Using the material that follows, say how many lines contain the string "Vraag". Answer with a number only.
◆ ◆ ◆ ◆ ◆ ◆ ◆
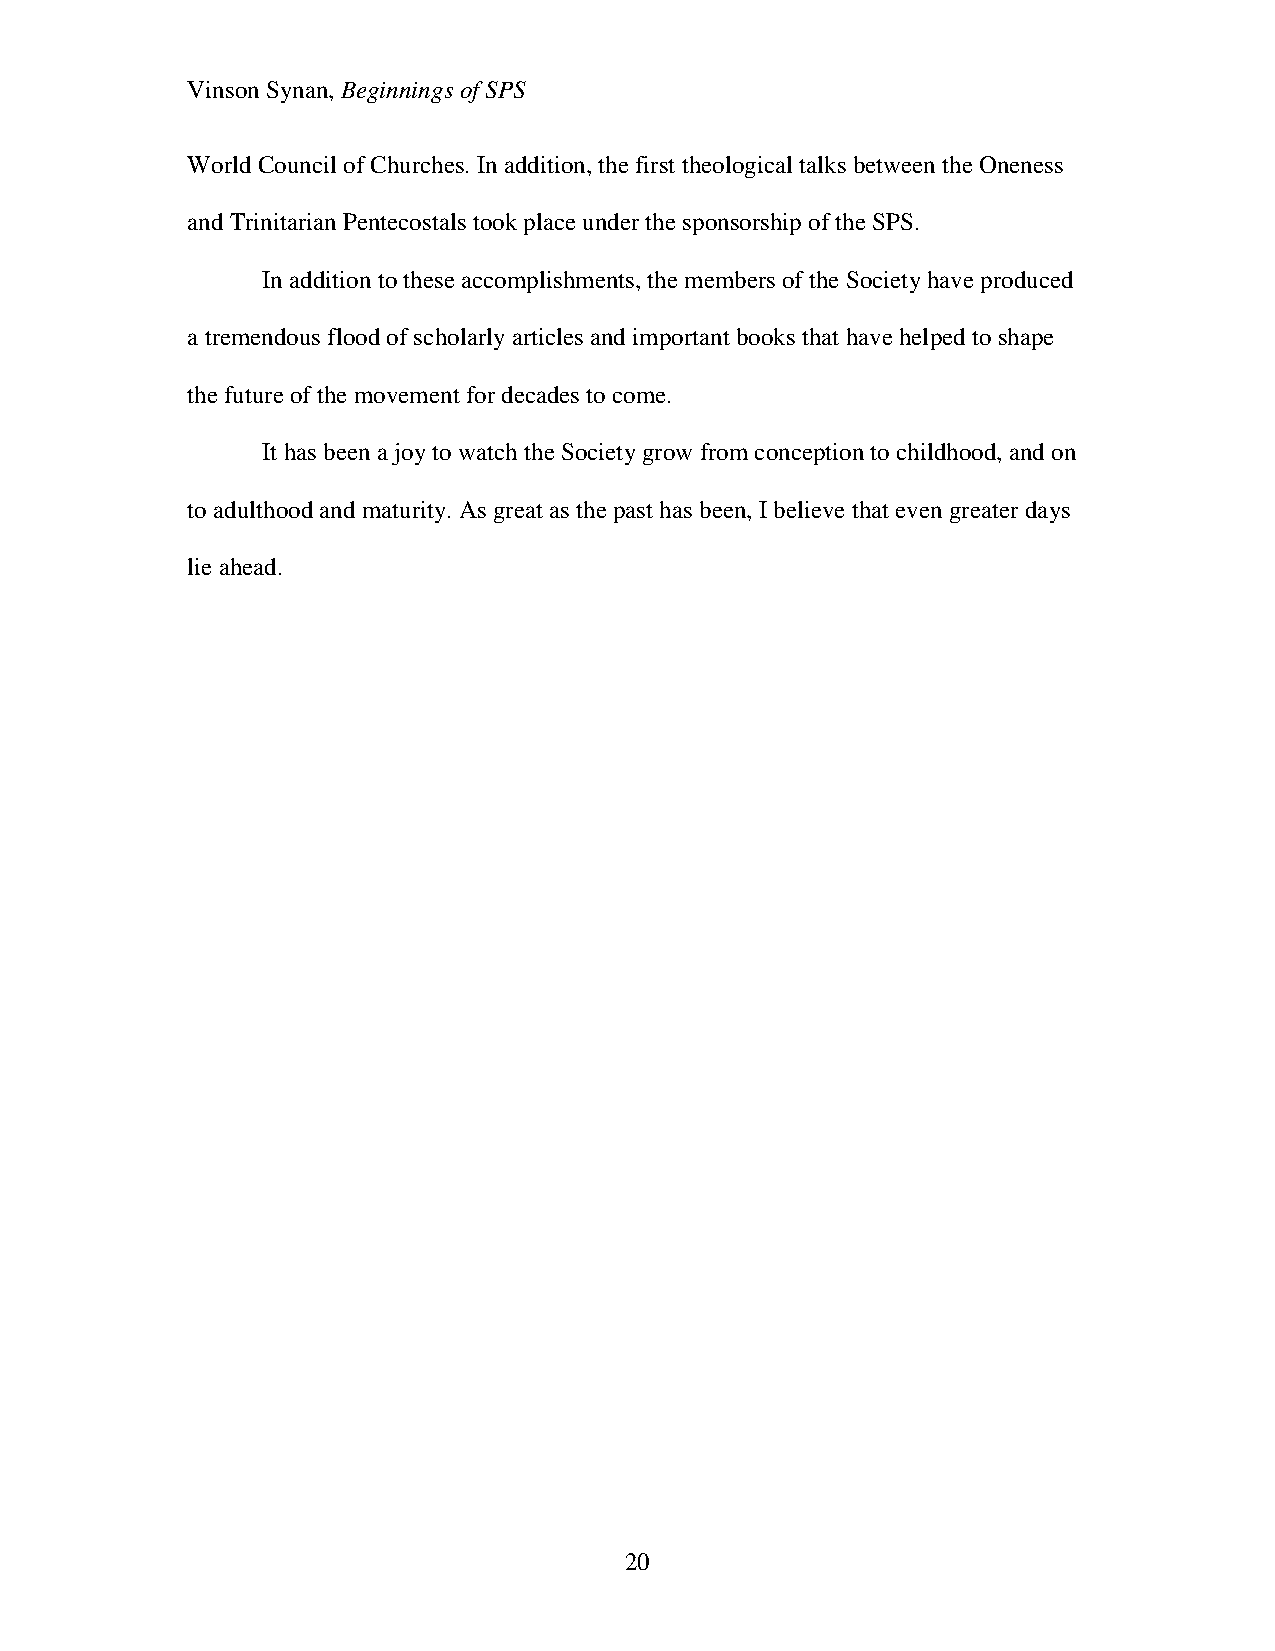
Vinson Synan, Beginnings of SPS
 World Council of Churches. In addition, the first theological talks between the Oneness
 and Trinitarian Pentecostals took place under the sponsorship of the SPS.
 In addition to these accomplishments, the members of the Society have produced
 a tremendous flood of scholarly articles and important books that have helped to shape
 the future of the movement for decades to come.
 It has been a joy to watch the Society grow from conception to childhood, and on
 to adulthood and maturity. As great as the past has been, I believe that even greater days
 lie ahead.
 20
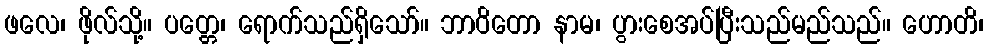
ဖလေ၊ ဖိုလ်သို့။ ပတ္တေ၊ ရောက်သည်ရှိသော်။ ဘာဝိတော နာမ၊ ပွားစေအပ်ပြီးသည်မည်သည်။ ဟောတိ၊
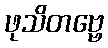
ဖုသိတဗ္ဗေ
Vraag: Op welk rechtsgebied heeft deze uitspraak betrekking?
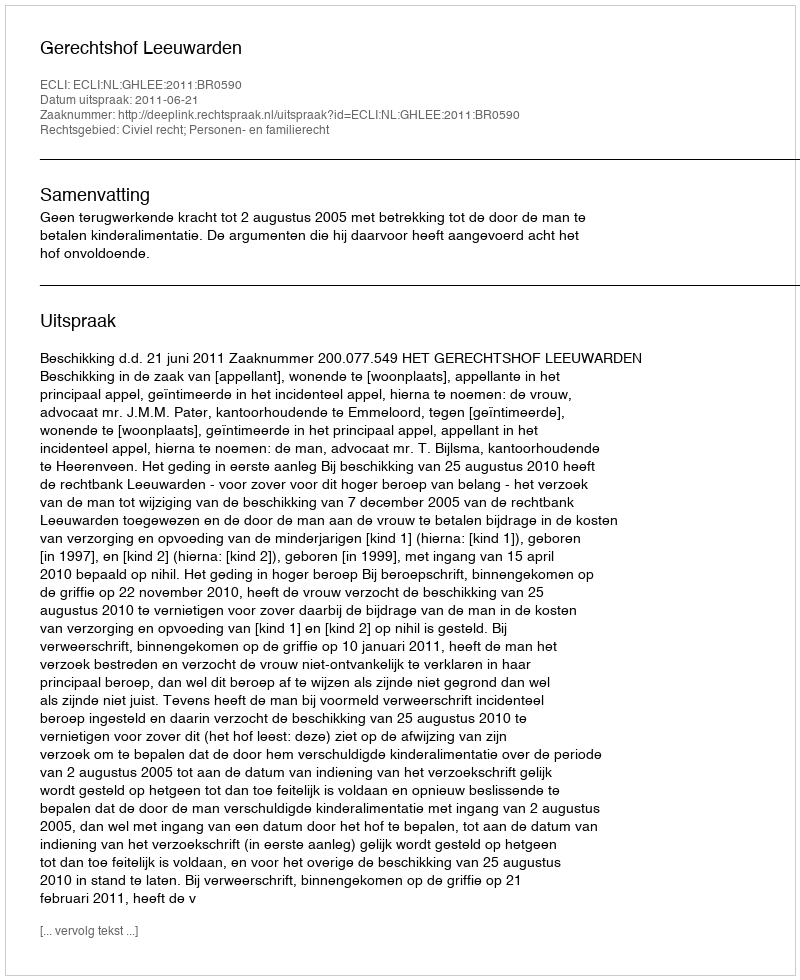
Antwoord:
◆ ◆ ◆ ◆ ◆ ◆ ◆
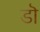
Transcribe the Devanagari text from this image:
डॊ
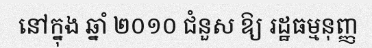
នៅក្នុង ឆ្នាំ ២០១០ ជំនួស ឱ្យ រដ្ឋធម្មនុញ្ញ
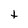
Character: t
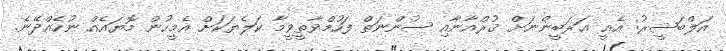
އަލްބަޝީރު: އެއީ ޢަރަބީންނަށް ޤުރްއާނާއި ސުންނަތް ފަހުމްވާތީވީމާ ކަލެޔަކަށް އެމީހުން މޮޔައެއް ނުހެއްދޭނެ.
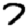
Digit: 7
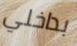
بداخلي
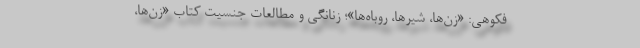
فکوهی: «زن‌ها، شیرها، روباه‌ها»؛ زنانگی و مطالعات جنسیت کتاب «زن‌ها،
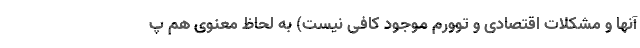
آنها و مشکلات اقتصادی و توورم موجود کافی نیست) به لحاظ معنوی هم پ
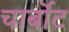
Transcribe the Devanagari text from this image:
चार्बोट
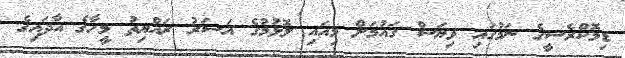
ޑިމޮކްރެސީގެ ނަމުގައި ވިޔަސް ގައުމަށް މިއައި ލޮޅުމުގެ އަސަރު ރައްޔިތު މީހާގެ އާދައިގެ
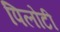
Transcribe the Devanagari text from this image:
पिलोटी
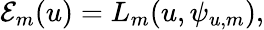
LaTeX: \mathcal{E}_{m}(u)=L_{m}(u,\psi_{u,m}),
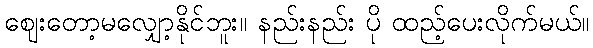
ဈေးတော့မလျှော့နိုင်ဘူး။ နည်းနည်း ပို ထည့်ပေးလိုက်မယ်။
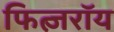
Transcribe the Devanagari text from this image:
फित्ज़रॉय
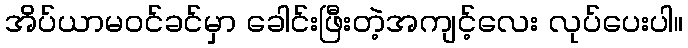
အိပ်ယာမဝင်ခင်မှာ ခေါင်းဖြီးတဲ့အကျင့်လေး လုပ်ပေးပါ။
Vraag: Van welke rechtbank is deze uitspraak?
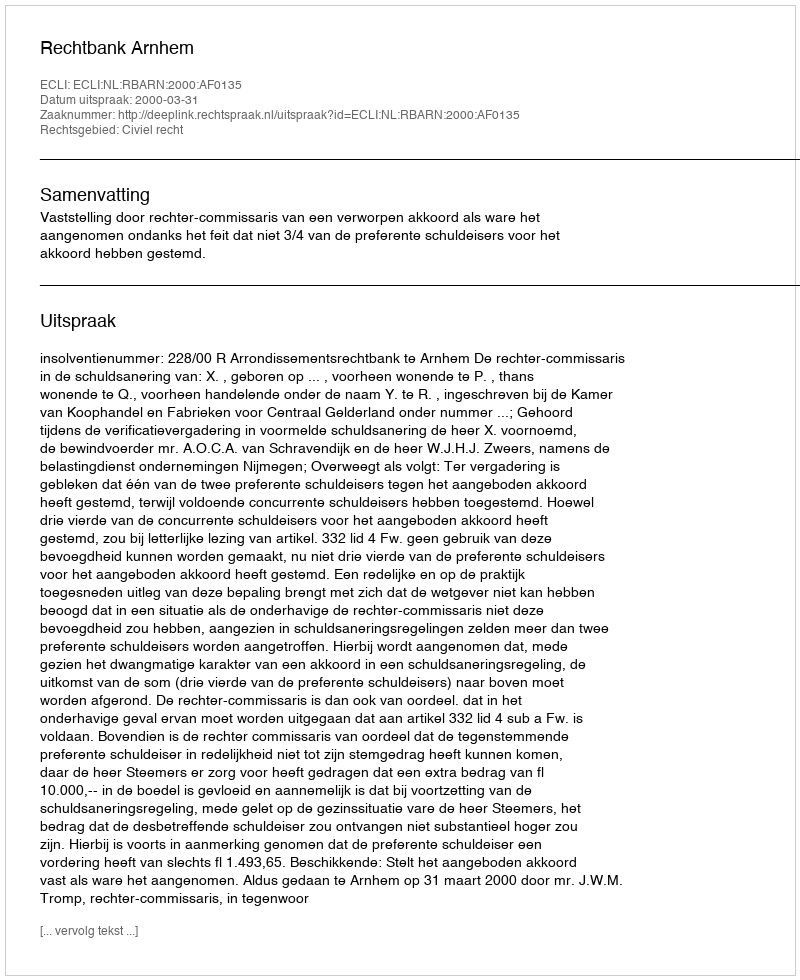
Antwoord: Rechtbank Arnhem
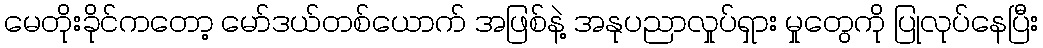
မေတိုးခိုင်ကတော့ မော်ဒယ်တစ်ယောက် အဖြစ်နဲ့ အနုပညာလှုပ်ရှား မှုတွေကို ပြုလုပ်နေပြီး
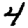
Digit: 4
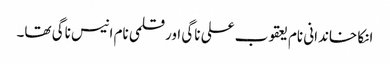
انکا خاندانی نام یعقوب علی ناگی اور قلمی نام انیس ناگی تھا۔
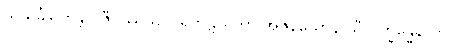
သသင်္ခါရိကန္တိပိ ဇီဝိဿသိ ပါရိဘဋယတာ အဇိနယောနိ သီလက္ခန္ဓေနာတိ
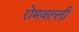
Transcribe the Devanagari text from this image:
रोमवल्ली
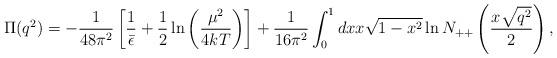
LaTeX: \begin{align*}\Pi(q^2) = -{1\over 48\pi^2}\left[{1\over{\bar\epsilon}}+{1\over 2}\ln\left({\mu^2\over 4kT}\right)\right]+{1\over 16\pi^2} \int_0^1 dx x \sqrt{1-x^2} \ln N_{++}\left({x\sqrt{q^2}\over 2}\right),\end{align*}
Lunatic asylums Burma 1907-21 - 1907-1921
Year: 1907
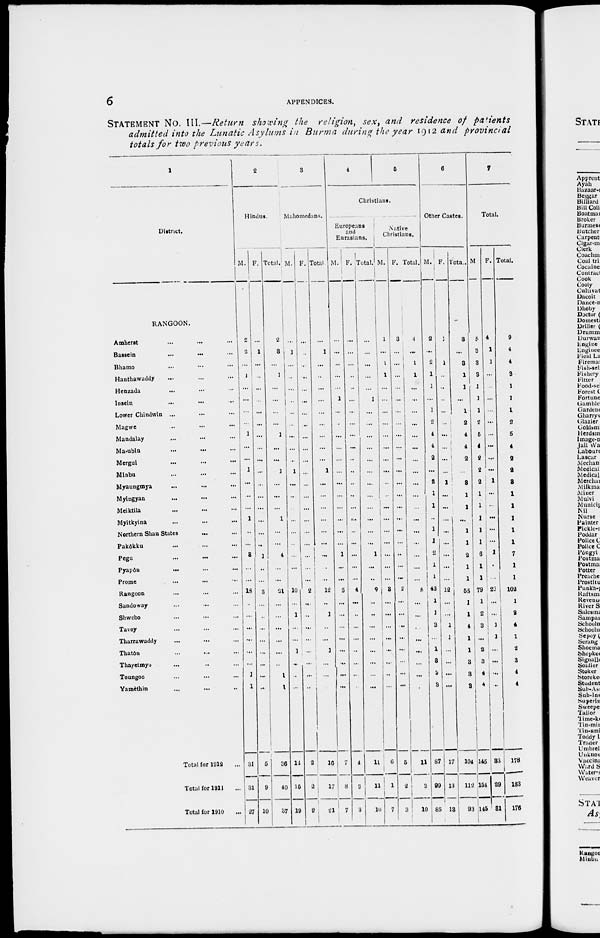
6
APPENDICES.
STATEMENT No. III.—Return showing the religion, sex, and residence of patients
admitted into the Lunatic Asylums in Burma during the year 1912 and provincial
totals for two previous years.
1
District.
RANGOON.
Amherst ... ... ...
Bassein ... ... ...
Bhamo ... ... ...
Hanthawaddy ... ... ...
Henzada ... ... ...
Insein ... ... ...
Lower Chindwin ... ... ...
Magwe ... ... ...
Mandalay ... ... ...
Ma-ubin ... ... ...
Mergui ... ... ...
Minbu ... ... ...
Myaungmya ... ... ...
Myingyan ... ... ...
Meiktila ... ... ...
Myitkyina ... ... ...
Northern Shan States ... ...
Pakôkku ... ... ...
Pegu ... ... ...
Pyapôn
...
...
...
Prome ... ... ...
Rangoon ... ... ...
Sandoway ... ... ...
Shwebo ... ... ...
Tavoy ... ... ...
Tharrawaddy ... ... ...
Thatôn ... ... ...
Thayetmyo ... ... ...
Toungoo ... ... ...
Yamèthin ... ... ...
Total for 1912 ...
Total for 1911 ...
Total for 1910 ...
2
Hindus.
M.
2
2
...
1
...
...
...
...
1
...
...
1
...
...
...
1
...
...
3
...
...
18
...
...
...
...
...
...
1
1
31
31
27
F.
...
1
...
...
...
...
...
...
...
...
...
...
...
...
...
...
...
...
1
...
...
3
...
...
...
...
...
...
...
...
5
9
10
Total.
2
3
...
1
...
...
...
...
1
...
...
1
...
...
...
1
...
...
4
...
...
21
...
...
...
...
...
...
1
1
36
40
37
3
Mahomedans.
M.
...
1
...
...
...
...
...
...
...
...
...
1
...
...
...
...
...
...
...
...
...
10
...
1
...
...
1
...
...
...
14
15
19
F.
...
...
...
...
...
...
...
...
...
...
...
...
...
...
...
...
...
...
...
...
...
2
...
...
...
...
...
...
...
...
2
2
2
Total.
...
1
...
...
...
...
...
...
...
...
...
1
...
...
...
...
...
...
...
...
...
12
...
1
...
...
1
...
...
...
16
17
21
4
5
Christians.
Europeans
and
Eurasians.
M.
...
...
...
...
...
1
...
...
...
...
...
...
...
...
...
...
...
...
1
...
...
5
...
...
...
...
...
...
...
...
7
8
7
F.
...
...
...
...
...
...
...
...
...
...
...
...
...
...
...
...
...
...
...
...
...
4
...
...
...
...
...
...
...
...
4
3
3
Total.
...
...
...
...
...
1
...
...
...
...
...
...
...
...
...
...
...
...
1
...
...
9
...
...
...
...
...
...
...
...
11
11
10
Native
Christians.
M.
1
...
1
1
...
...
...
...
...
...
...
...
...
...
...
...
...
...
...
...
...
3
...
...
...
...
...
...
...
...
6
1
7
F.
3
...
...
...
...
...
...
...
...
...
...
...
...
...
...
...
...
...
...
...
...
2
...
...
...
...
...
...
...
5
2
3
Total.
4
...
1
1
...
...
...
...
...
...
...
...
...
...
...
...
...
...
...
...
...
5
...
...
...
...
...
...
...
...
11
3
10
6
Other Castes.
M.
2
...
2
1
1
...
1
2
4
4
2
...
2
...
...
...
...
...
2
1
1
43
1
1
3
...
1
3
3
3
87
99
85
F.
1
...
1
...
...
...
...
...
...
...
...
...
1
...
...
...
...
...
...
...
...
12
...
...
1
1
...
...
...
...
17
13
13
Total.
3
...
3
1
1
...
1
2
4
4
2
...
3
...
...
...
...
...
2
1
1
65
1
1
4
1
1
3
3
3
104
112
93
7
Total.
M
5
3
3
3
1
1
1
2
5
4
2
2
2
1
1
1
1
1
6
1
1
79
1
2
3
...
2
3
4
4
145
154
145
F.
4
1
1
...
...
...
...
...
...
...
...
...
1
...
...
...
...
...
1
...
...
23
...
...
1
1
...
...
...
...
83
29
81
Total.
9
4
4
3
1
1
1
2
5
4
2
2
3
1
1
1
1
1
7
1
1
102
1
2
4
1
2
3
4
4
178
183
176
◆ ◆ ◆ ◆ ◆ ◆ ◆
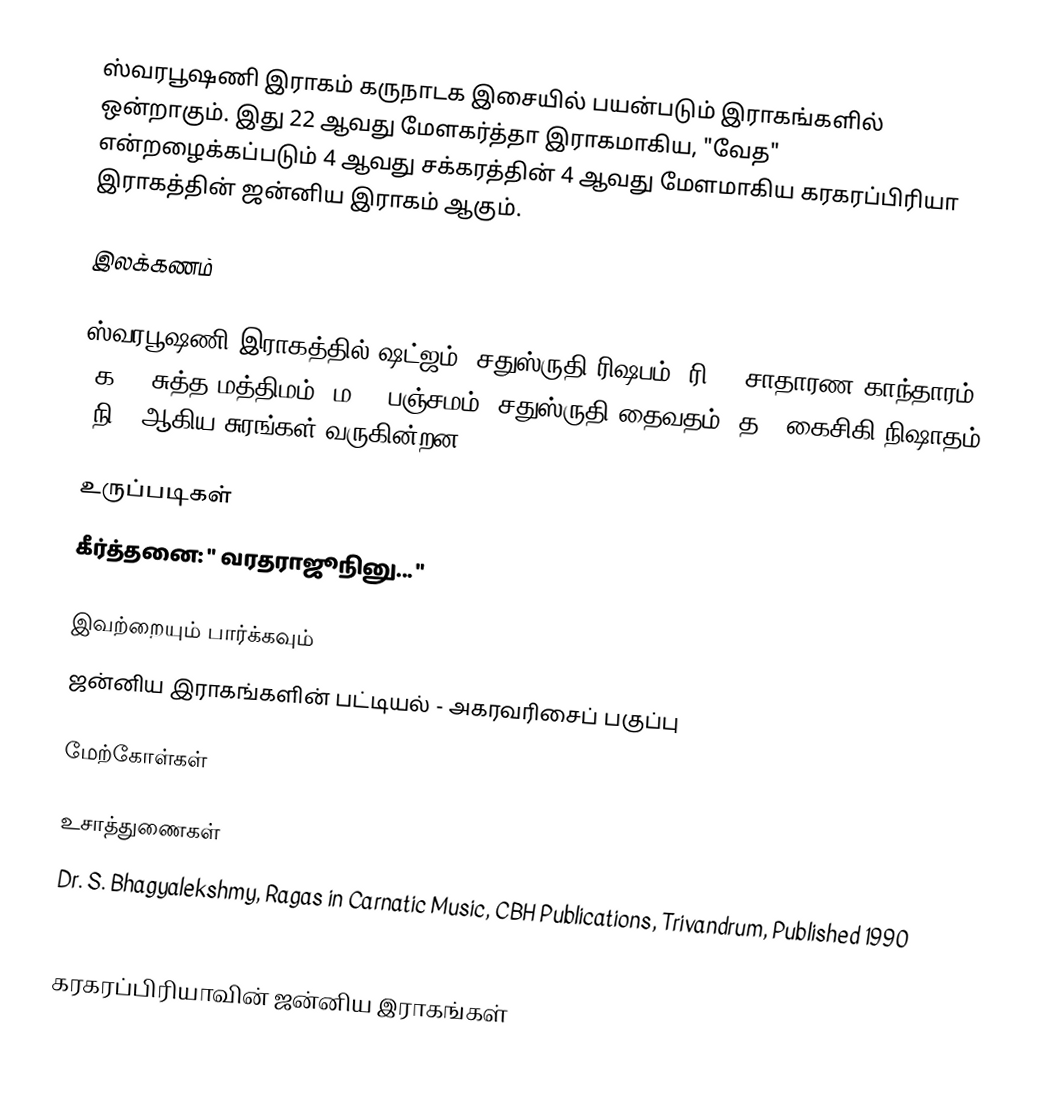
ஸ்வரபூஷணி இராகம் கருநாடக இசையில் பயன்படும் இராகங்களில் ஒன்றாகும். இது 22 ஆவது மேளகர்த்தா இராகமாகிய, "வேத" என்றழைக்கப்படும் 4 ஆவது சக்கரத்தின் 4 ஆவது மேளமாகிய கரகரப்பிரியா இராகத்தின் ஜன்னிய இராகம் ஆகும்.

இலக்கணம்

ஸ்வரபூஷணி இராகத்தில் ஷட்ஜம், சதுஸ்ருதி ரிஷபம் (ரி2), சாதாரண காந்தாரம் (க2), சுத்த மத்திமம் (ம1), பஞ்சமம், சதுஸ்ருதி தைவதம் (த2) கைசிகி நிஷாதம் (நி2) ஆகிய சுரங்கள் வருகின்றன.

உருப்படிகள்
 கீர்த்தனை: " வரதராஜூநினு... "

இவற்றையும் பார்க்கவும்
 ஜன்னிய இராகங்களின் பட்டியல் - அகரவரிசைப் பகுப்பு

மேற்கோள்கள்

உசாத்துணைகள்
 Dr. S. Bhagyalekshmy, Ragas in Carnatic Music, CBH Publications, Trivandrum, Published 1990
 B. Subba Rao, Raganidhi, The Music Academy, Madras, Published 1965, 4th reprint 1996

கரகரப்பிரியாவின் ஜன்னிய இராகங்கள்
◆ ◆ ◆ ◆ ◆ ◆ ◆
**Task output**
2